The Reading Experience Database (RED) project is dedicated to collecting and using evidences of reading experiences for teaching and research. The project has created a large and very rich database regarding specific situations in which a person has read a text, and how such an experience was evidenced.
RED is one of the projects from the Open University’s Faculty of Arts working with LUCERO, as an early example on how linked data can be applied to research in humanities, and in general. And it is really a very good example! We have been working on an initial method to extract the content of the RED database into RDF, combining several well known vocabularies (see figure below). While we are still at an early stage in the whole process, this has given us a great insight into the challenges and potentials for linked data in such a domain.

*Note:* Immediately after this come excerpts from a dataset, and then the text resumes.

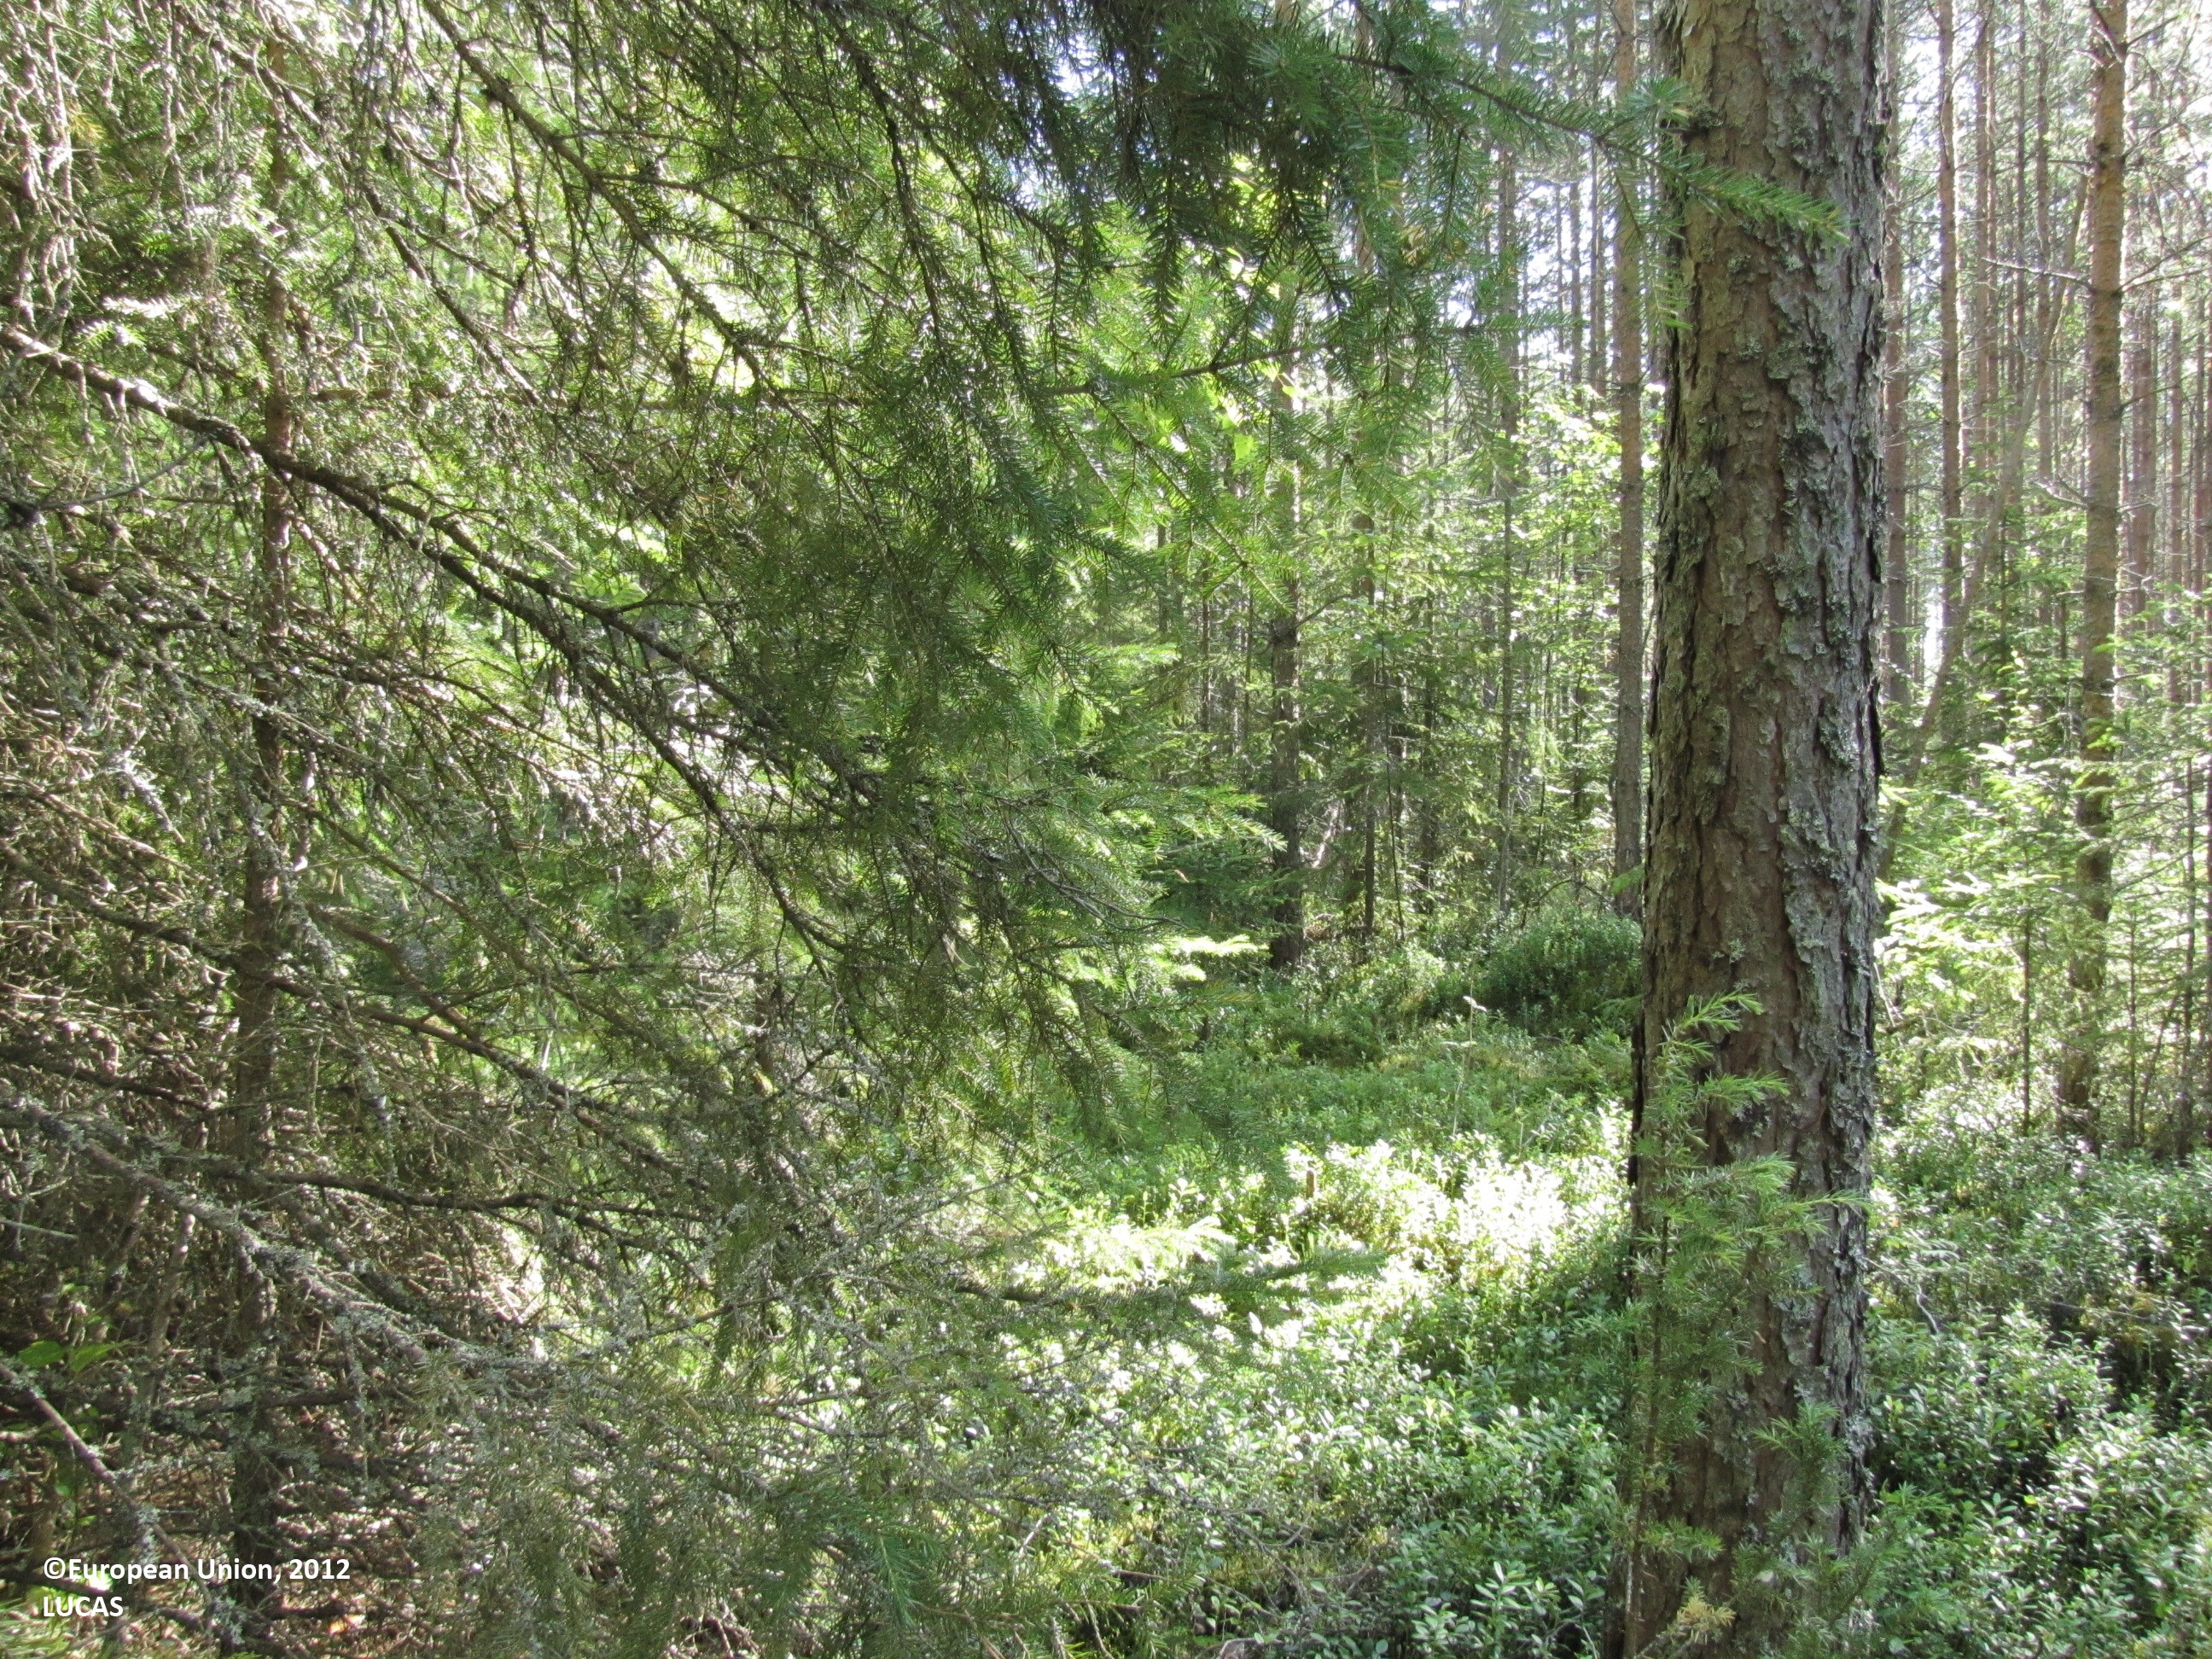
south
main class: Woodland
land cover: Pine dominated coniferous woodland
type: boreal forest
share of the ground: > 75 %
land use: Forestry
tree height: > 5 m
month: July
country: FI
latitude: 62.3515
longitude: 23.0654
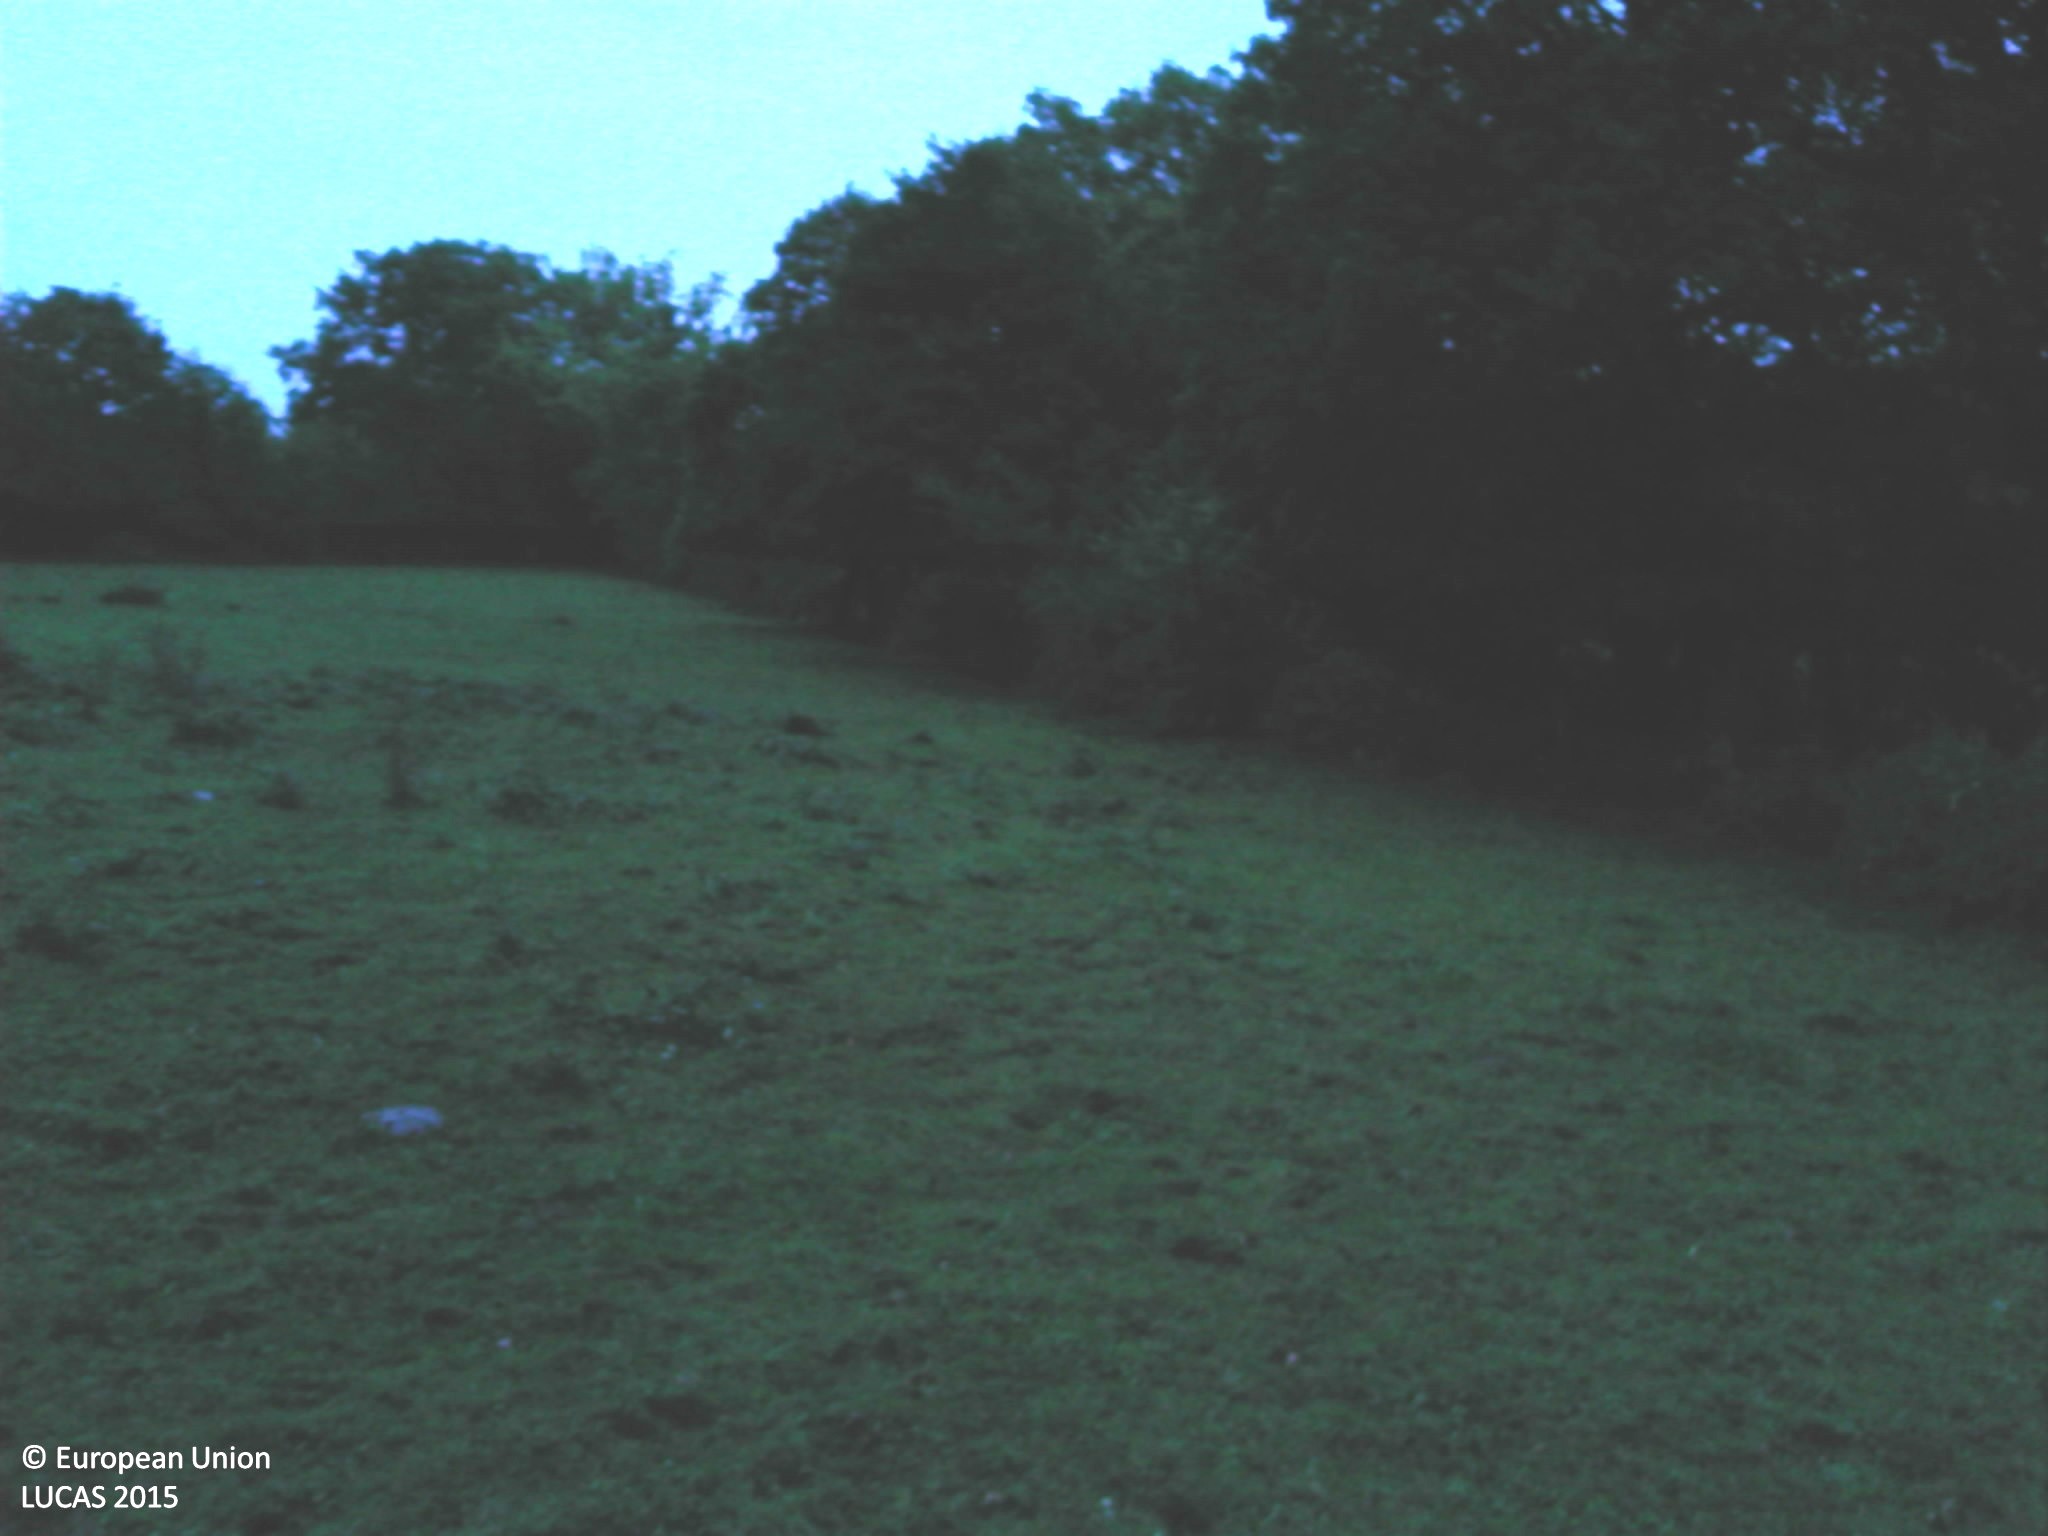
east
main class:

Data cleaning is clearly one of our biggest issues. The RED database is mostly based on contributions from various people, from researchers in humanities connected to the project, to interested individuals. As a result, many entities are duplicated, misspelled, or mistakenly aggregated. A lot of these problems can be addressed automatically through filters, but the major part has to be addressed by the RED team, who are currently involved in a cleaning, normalisation and restructuration process.
Unsurprisingly, where the linked data approach really creates novelty here is in the links. We have published a “preview” of the dataset in data.open.ac.uk, we initial sets of links for people and places, to their (supposed) equivalent in DBPedia. For example, Virginia Woolf, who is both an author and a reader in the RED database, is represented as http://data.open.ac.uk/page/red/person/woolf-virginia, which is linked to the corresponding DBPedia http://dbpedia.org/page/Virginia_Woolf.
This might not look like much in principle, but in reality, it opens up to new ways to look at the data, that couldn’t be anticipated even by the researchers involved in modelling it. I gave a quick talk at a workshop organised two weeks ago by the RED team, to an audience of researchers and lecturers in humanities (see picture above). Showing the benefit of linked data to such an audience is clearly not the most trivial task. I therefore developed a small demonstrator that presents in one page the information about a given person from the RED database (here, Virginia Woolf), together with some information from DBPedia (abstract, categories, and influences). Now, where it becomes interesting, is that the information from DBPedia can be used to filter and browse the information in the RED Database. What this demonstration can do is, through clicking on the corresponding categories, tell you what other people in RED are, according to DPPedia, People from Kensington, People With Bipolar Disorder, Bisexual Writers, Writers Who Committed Suicide, etc. Looking at this, through one simple set of links to one dataset, we can already see emerge a brand new research questions and a new set of research practices, together with the data to start exploring them. We can only be overwhelmed thinking about what will happen when the approach is generalised to more links, more datasets, and more research projects.